▶ [TASK STATEMENT]: Copy down every line of the data that follows exactly. Omit the pictures.

### RECORDED INFORMATION ###

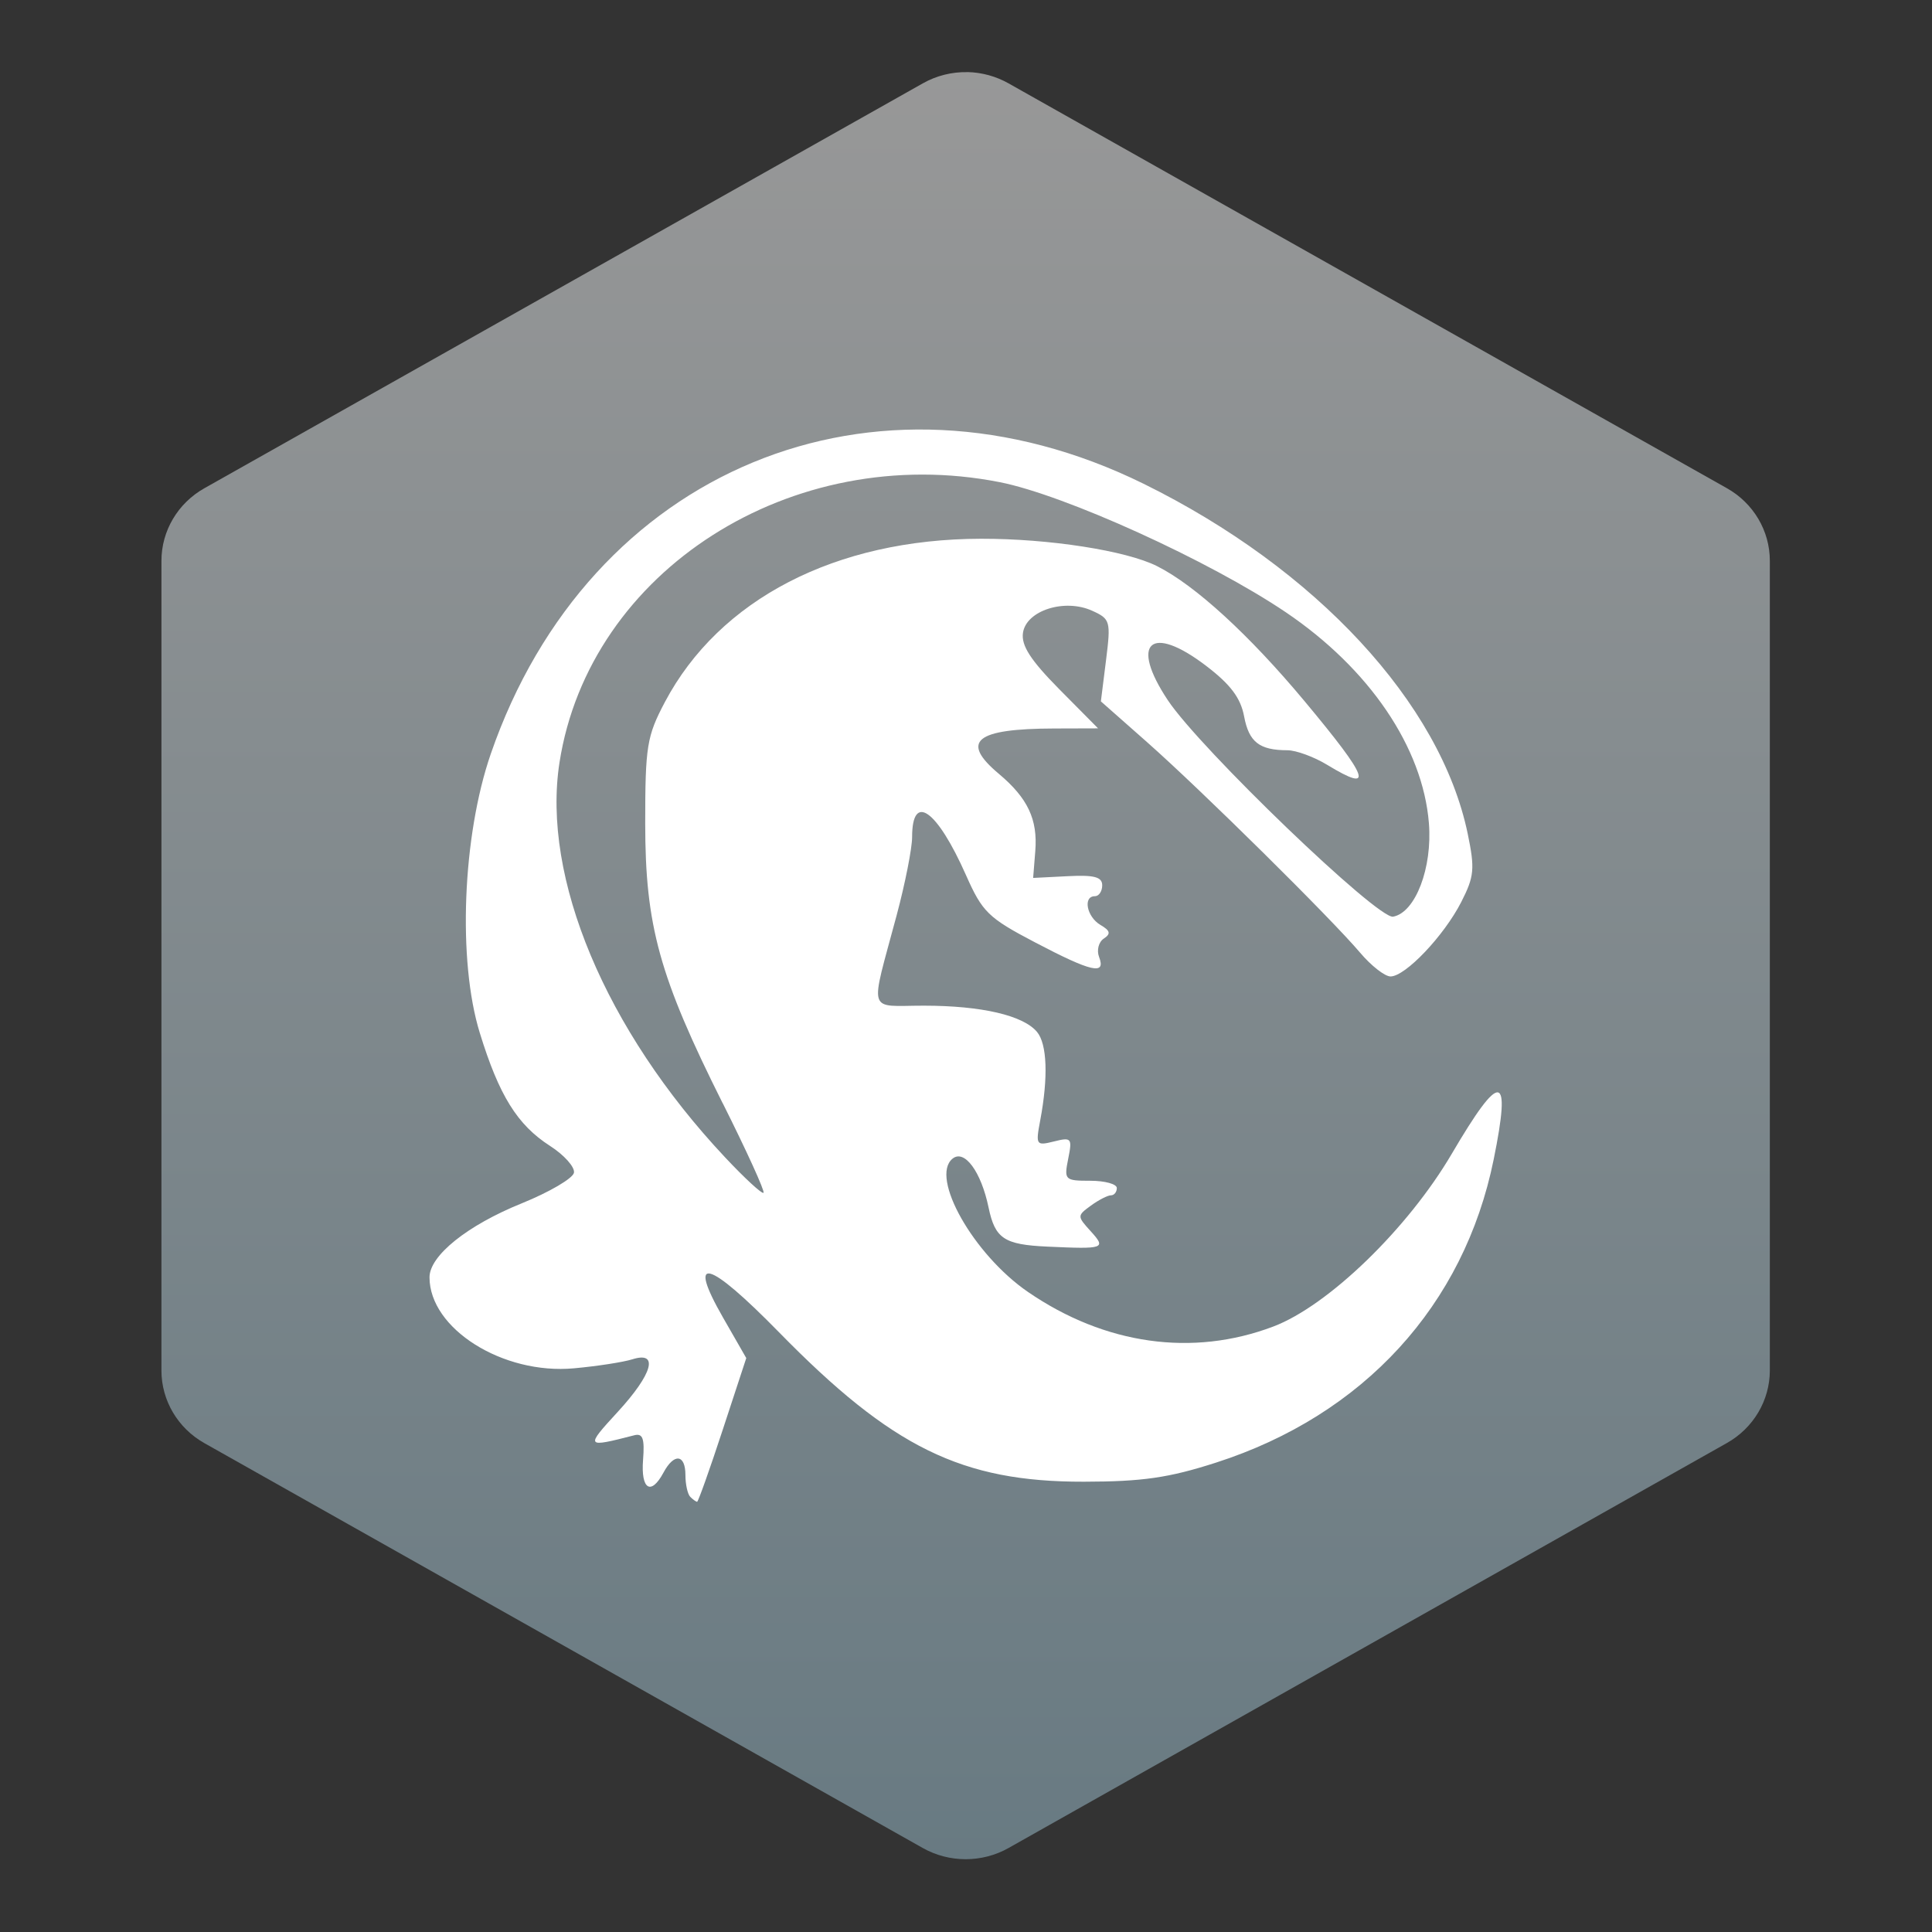 <svg clip-rule="evenodd" fill-rule="evenodd" stroke-linejoin="round" stroke-miterlimit="2" viewBox="0 0 48 48" xmlns="http://www.w3.org/2000/svg">
 <rect x="0" y="0" width="48" height="48" fill="#333333" stroke="none"/>
 <linearGradient id="a" x2="1" gradientTransform="matrix(0 -40.01 40.01 0 24 43.952)" gradientUnits="userSpaceOnUse">
  <stop stop-color="#687a82" offset="0"/>
  <stop stop-color="#989898" offset="1"/>
 </linearGradient>
 <g transform="matrix(1.11 0 0 1.11 -2.649 -2.649)" fill-rule="nonzero">
  <path d="m24.045 4.001c-.352-.008-.7.079-1.005.252l-16.08 9.062c-.593.334-.96.954-.96 1.623v18.126c0 .669.367 1.289.96 1.623l16.081 9.063c.593.334 1.326.334 1.919 0l16.079-9.065c.593-.334.96-.953.961-1.621v-18.127c0-.669-.367-1.289-.961-1.623l-16.079-9.062c-.279-.157-.593-.244-.915-.252z" fill="url(#a)"/>
  <path d="m17.837 35.891c-.06-.06-.109-.28-.109-.49 0-.467-.255-.495-.491-.054-.28.522-.509.378-.457-.286.037-.478-.006-.599-.198-.549-1.094.281-1.1.272-.368-.525.782-.851.925-1.364.327-1.176-.202.064-.791.155-1.308.202-1.593.146-3.233-.887-3.233-2.037 0-.485.847-1.164 2.065-1.656.619-.251 1.145-.559 1.168-.685s-.219-.397-.537-.601c-.731-.47-1.14-1.129-1.571-2.53-.498-1.615-.388-4.406.246-6.243 2.198-6.372 8.585-9.014 14.613-6.046 3.858 1.9 6.645 4.909 7.253 7.829.164.79.148.96-.145 1.534-.387.756-1.25 1.664-1.582 1.664-.127 0-.433-.239-.68-.531-.645-.764-3.555-3.64-4.768-4.712l-1.035-.914.115-.918c.11-.878.097-.926-.309-1.11-.617-.281-1.478-.006-1.55.495-.041.284.171.611.813 1.261l.868.876-.977.003c-1.772.004-2.115.284-1.242 1.016.646.543.871 1.02.814 1.728l-.048.601.773-.039c.594-.031.773.017.773.204 0 .134-.074.244-.164.244-.272 0-.183.461.123.642.222.13.239.199.076.307-.115.076-.163.261-.105.411.158.412-.167.338-1.434-.327-1.046-.548-1.178-.676-1.545-1.505-.651-1.468-1.206-1.86-1.206-.851 0 .249-.155 1.035-.345 1.746-.604 2.262-.675 2.026.612 2.027 1.289.001 2.221.218 2.529.588.226.271.253 1.015.072 1.976-.105.557-.093.575.308.475.391-.098.411-.074.318.387-.095.475-.078.493.495.493.326 0 .593.073.593.163s-.059.163-.132.163-.275.104-.448.23c-.31.226-.31.237-.006.572.354.39.312.405-.969.346-.967-.044-1.17-.179-1.315-.873-.168-.809-.543-1.315-.809-1.094-.506.419.473 2.146 1.691 2.982 1.721 1.181 3.684 1.458 5.49.774 1.229-.465 3.012-2.191 3.996-3.868 1.096-1.868 1.336-1.836.937.128-.663 3.266-2.912 5.722-6.213 6.785-1.059.341-1.647.426-2.958.428-2.733.005-4.297-.762-6.827-3.347-1.593-1.626-2.067-1.751-1.253-.33l.522.91-.528 1.608c-.29.884-.548 1.608-.572 1.608s-.093-.049-.153-.109zm.726-8.809c-1.419-2.833-1.735-3.974-1.735-6.27 0-1.723.037-1.947.439-2.709 1.219-2.305 3.825-3.652 7.076-3.658 1.525-.003 3.251.266 3.941.613.851.427 2.064 1.538 3.303 3.024 1.451 1.739 1.569 2.07.506 1.424-.294-.179-.695-.326-.89-.327-.629-.001-.862-.183-.97-.758-.078-.414-.305-.716-.854-1.134-1.239-.944-1.711-.519-.855.77.722 1.088 4.701 4.911 5.044 4.847.5-.093.882-1.093.801-2.094-.137-1.696-1.334-3.458-3.205-4.721-1.707-1.152-4.944-2.624-6.403-2.911-4.648-.914-9.184 1.977-9.852 6.278-.399 2.576 1.028 5.981 3.701 8.829.443.473.833.832.866.799.034-.033-.377-.935-.912-2.003z" fill="#fff"/>
 </g>
</svg>

###

▶ [ANSWER SECTION]:
 <svg clip-rule="evenodd" fill-rule="evenodd" stroke-linejoin="round" stroke-miterlimit="2" viewBox="0 0 48 48" xmlns="http://www.w3.org/2000/svg">
 <rect x="0" y="0" width="48" height="48" fill="#333333" stroke="none"/>
 <linearGradient id="a" x2="1" gradientTransform="matrix(0 -40.01 40.01 0 24 43.952)" gradientUnits="userSpaceOnUse">
  <stop stop-color="#687a82" offset="0"/>
  <stop stop-color="#989898" offset="1"/>
 </linearGradient>
 <g transform="matrix(1.11 0 0 1.11 -2.649 -2.649)" fill-rule="nonzero">
  <path d="m24.045 4.001c-.352-.008-.7.079-1.005.252l-16.08 9.062c-.593.334-.96.954-.96 1.623v18.126c0 .669.367 1.289.96 1.623l16.081 9.063c.593.334 1.326.334 1.919 0l16.079-9.065c.593-.334.96-.953.961-1.621v-18.127c0-.669-.367-1.289-.961-1.623l-16.079-9.062c-.279-.157-.593-.244-.915-.252z" fill="url(#a)"/>
  <path d="m17.837 35.891c-.06-.06-.109-.28-.109-.49 0-.467-.255-.495-.491-.054-.28.522-.509.378-.457-.286.037-.478-.006-.599-.198-.549-1.094.281-1.1.272-.368-.525.782-.851.925-1.364.327-1.176-.202.064-.791.155-1.308.202-1.593.146-3.233-.887-3.233-2.037 0-.485.847-1.164 2.065-1.656.619-.251 1.145-.559 1.168-.685s-.219-.397-.537-.601c-.731-.47-1.14-1.129-1.571-2.53-.498-1.615-.388-4.406.246-6.243 2.198-6.372 8.585-9.014 14.613-6.046 3.858 1.9 6.645 4.909 7.253 7.829.164.79.148.96-.145 1.534-.387.756-1.25 1.664-1.582 1.664-.127 0-.433-.239-.68-.531-.645-.764-3.555-3.64-4.768-4.712l-1.035-.914.115-.918c.11-.878.097-.926-.309-1.11-.617-.281-1.478-.006-1.55.495-.041.284.171.611.813 1.261l.868.876-.977.003c-1.772.004-2.115.284-1.242 1.016.646.543.871 1.02.814 1.728l-.048.601.773-.039c.594-.031.773.017.773.204 0 .134-.074.244-.164.244-.272 0-.183.461.123.642.222.13.239.199.076.307-.115.076-.163.261-.105.411.158.412-.167.338-1.434-.327-1.046-.548-1.178-.676-1.545-1.505-.651-1.468-1.206-1.86-1.206-.851 0 .249-.155 1.035-.345 1.746-.604 2.262-.675 2.026.612 2.027 1.289.001 2.221.218 2.529.588.226.271.253 1.015.072 1.976-.105.557-.093.575.308.475.391-.098.411-.074.318.387-.095.475-.078.493.495.493.326 0 .593.073.593.163s-.059.163-.132.163-.275.104-.448.23c-.31.226-.31.237-.006.572.354.39.312.405-.969.346-.967-.044-1.17-.179-1.315-.873-.168-.809-.543-1.315-.809-1.094-.506.419.473 2.146 1.691 2.982 1.721 1.181 3.684 1.458 5.49.774 1.229-.465 3.012-2.191 3.996-3.868 1.096-1.868 1.336-1.836.937.128-.663 3.266-2.912 5.722-6.213 6.785-1.059.341-1.647.426-2.958.428-2.733.005-4.297-.762-6.827-3.347-1.593-1.626-2.067-1.751-1.253-.33l.522.91-.528 1.608c-.29.884-.548 1.608-.572 1.608s-.093-.049-.153-.109zm.726-8.809c-1.419-2.833-1.735-3.974-1.735-6.27 0-1.723.037-1.947.439-2.709 1.219-2.305 3.825-3.652 7.076-3.658 1.525-.003 3.251.266 3.941.613.851.427 2.064 1.538 3.303 3.024 1.451 1.739 1.569 2.07.506 1.424-.294-.179-.695-.326-.89-.327-.629-.001-.862-.183-.97-.758-.078-.414-.305-.716-.854-1.134-1.239-.944-1.711-.519-.855.77.722 1.088 4.701 4.911 5.044 4.847.5-.093.882-1.093.801-2.094-.137-1.696-1.334-3.458-3.205-4.721-1.707-1.152-4.944-2.624-6.403-2.911-4.648-.914-9.184 1.977-9.852 6.278-.399 2.576 1.028 5.981 3.701 8.829.443.473.833.832.866.799.034-.033-.377-.935-.912-2.003z" fill="#fff"/>
 </g>
</svg>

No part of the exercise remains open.